|Reported by:||woodbri||Owned by:||robe|
|Priority:||medium||Milestone:||PostGIS Fund Me|
I migrated these comments from #1118 as they really should be in a separate ticket. The discussion around the issue in #1118 is really a symptom of the fact that we need to redesign the tiger geocoder to better use the new pagc_address_standardizer, and to make it possible in the future to be less Tiger centric (as a secondary goal.
Ticket #1118 is a problem of not standardizing the reference dataset and relying on the existing standardization. This is a process bug, not a code bug. If you take a random address and ask some people to standardize it into components, you will surely get some different results because the people will have a different set of rules in mind. So we take Tiger data which has been standardized by 3300 different counties where it was collect and given to Census and you will not even find consistency within Tiger. So relying on the pre-parsed standardization is the wrong way to approach this problem.
The way to fix this is to load the tiger data, then clump the name attributes into a single string and give it to the standardizer to parse and then save that. When we get a query request, we standardize that using our same standardizer and rules and we match those results against our standardized reference set.
Then we don't care if the standardization is right or wrong, because if it is wrong, it will be wrong in both cases and will still match.
This process also has the benefit that you can analyze those records that failed to standardize because of missing lexicon, gazeteer or rules and add those that we might need to improve the tools over time. This part can be done separate from the automated loading process. I should be done as part of the bug fixing and enhancements to the geocoder over time.
While the pagc address standardizer improves things and proves some easy tool to change the behavior if you don't make this process change. You will have an endless list of bugs like this that have nothing to do with the code. While you might be able to fix some of these with change to lex, gaz and rules you also might be breaking other cases that are not obvious when you make changes. DAMHIK.
I know the plan it to move forward without making this process change, but it should be planned for sometime in the future.
Yah I was thinking of it in future. I'll ticket that I'm leaning toward using hstore to store the normalized hash for the tiger set possibly only doing it for the obvious ambiguities.
The issue I have with doing it for after load and for all
1) inserting is a lot less painful than updating since updating requires both an insert and delete. So its faster to do on load.
2) Since this is in flux, they'll be a lot of updating going on initially so I don't want to push that on users until things are more stable, plus it complicates update script with update requiring user data changes — something I kind of want to stay away from until I have my upgrade bullet proof.
3) I actually don't think its necessary to standardize all tiger (I would say about 85% or more of it is fine). For the most part there aren't that many ambiguities and a lot of those would be long and painful to itemize and doing it by lex is probably not the right way.
Clearly for things like Camino etc that would be the right thing.
so I'm thinking more along a hybrid. It would also make my hstore index way shorter and faster to scan if its only the questionable problematic ones that need to be changed. Anyway I'll put in a separate future ticket. For PostGIS 2.1 I would like to change the norm_addy structure since that is part issue that I am mixing pre abbrev with post abbrevs.

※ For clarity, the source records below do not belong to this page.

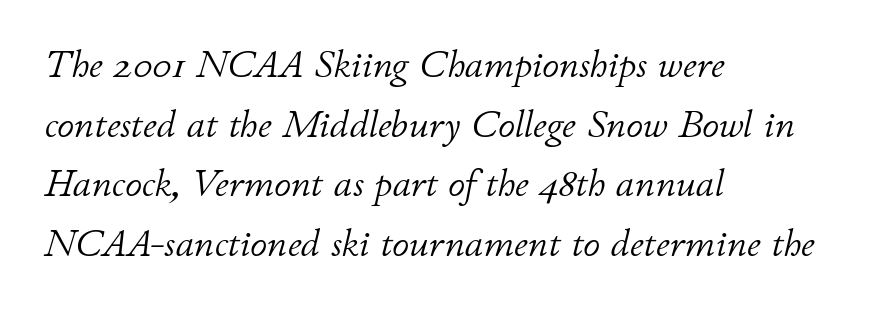
The specimen omits any rule beneath the text block's lines. The rendering applies a slant to the glyphs. The line-height multiplier appears to be the usual default. The letterforms sit shoulder to shoulder at normal distance. Spacing verdict: proportional, widths tailored to each character. The passage shown is not bold in any degree.
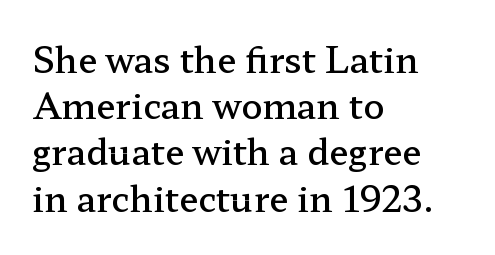
Q: Is the text bold? A: Semi-bold.
Q: Is the text italic (slanted)? A: No, it is upright.
Q: Is the typeface a serif or a sans-serif typeface? A: Serif.
Q: Is the text underlined? A: No.
Q: How is the paragraph aligned? A: Left-aligned.
Q: Is the spacing between letters normal or unusually wide? A: Normal.
Q: Is the spacing between lines tight, normal or loose? A: Normal.
Q: Width (condensed, normal, or wide)? A: Wide.
Q: Stroke contrast? A: Low.
Q: x-height? A: Medium.
Q: Monospaced? A: No.
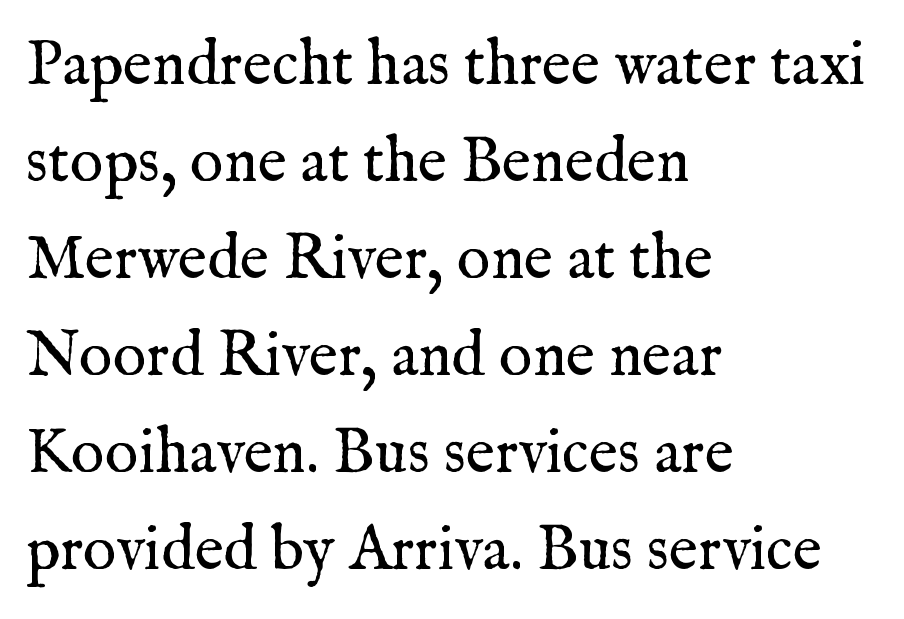
Q: Is the text bold? A: No.
Q: Is the text italic (slanted)? A: No, it is upright.
Q: Is the typeface a serif or a sans-serif typeface? A: Serif.
Q: Is the text underlined? A: No.
Q: How is the paragraph aligned? A: Left-aligned.
Q: Is the spacing between letters normal or unusually wide? A: Normal.
Q: Is the spacing between lines tight, normal or loose? A: Normal.
Q: Width (condensed, normal, or wide)? A: Normal.
Q: Stroke contrast? A: Medium.
Q: x-height? A: Medium.
Q: Monospaced? A: No.
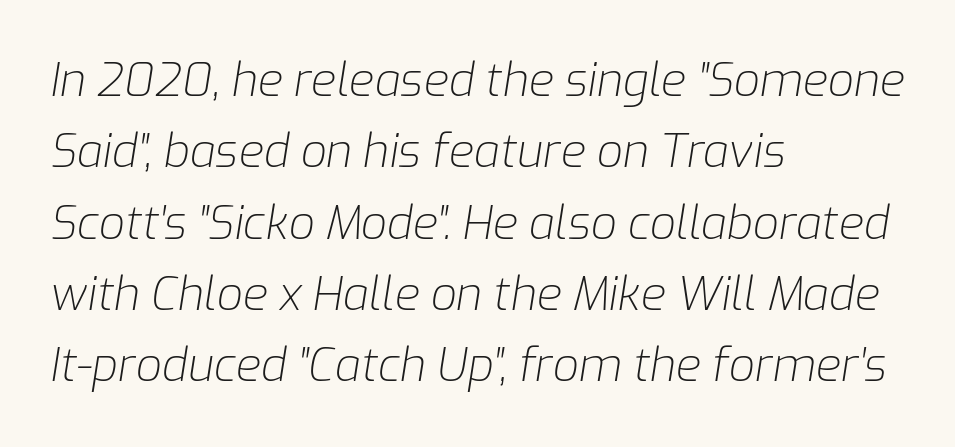
The image shows 46 px light type, italic (leaning right); set left-aligned, normal line spacing (1.55x), normal letter spacing, not underlined; low stroke contrast and a medium x-height.
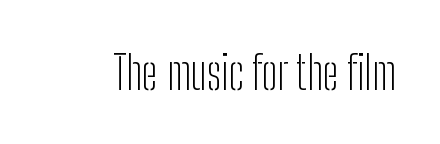
You can tell from the bare stems that sans-serif type was used. Stems here are at most as thick as an everyday book face. Italic: no, the glyphs are upright roman. Honestly, there is no underline to notice here at all.
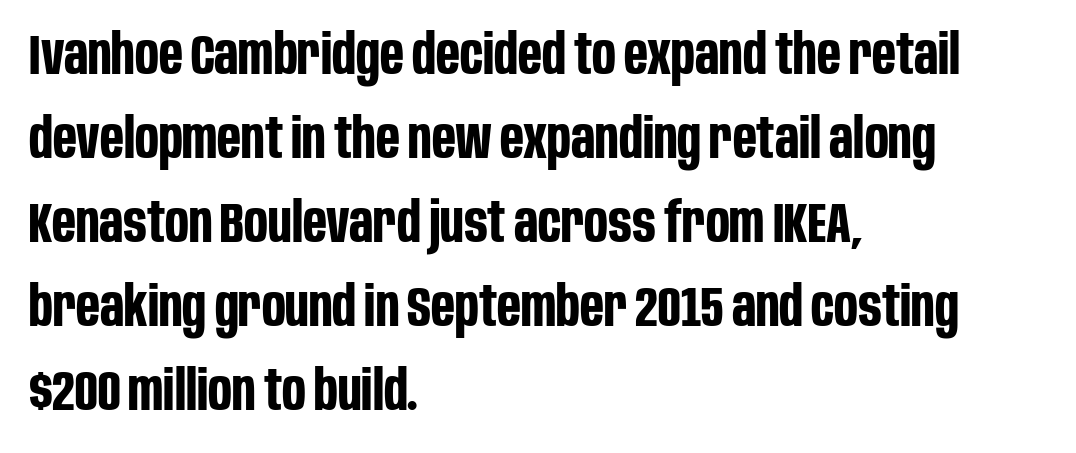
Each line starts at the same left margin while the right side varies. In terms of weight, the rendering is a true, heavy bold. What kind of face is this? One without serifs — a sans. Check under the words: just untouched page. Every character sits straight up, as roman type does.

I don't do any updates. I load the tiger data into a table, I then standardize that into a stdaddr table that is linked by the primary of the tiger table. If I make changes to the lex, gaz, or rules, I drop the stdaddr table and recreate it. All searches are done only on the stdaddr table and only when I have candidate records do I join those back to the tiger data to get the geometry and compute the location.
So for production, you install a "standard" set of tables for lex, gaz and rules. you load your data, create the stdaddr table and you are done. Users should not be modifying the lex, gaz or rules unless they are developing a different geocoder and then they are not you normal user and they have to understand the process for doing this including the fact that they need to recreate the stdaddr table if they make changes.
While this may require a lot of changes in the current geocoder to move to this structure, long term it is good because it moves you away from being Tiger centric. If our northern neighbors want to use it for Canadian data, then can make a loader for that data, standardize it into stdaddr table and your geocoder will work on that too.
This simplicity will also translate into cleaner and simpler code which will be easier to maintain and in all likelihood be faster also.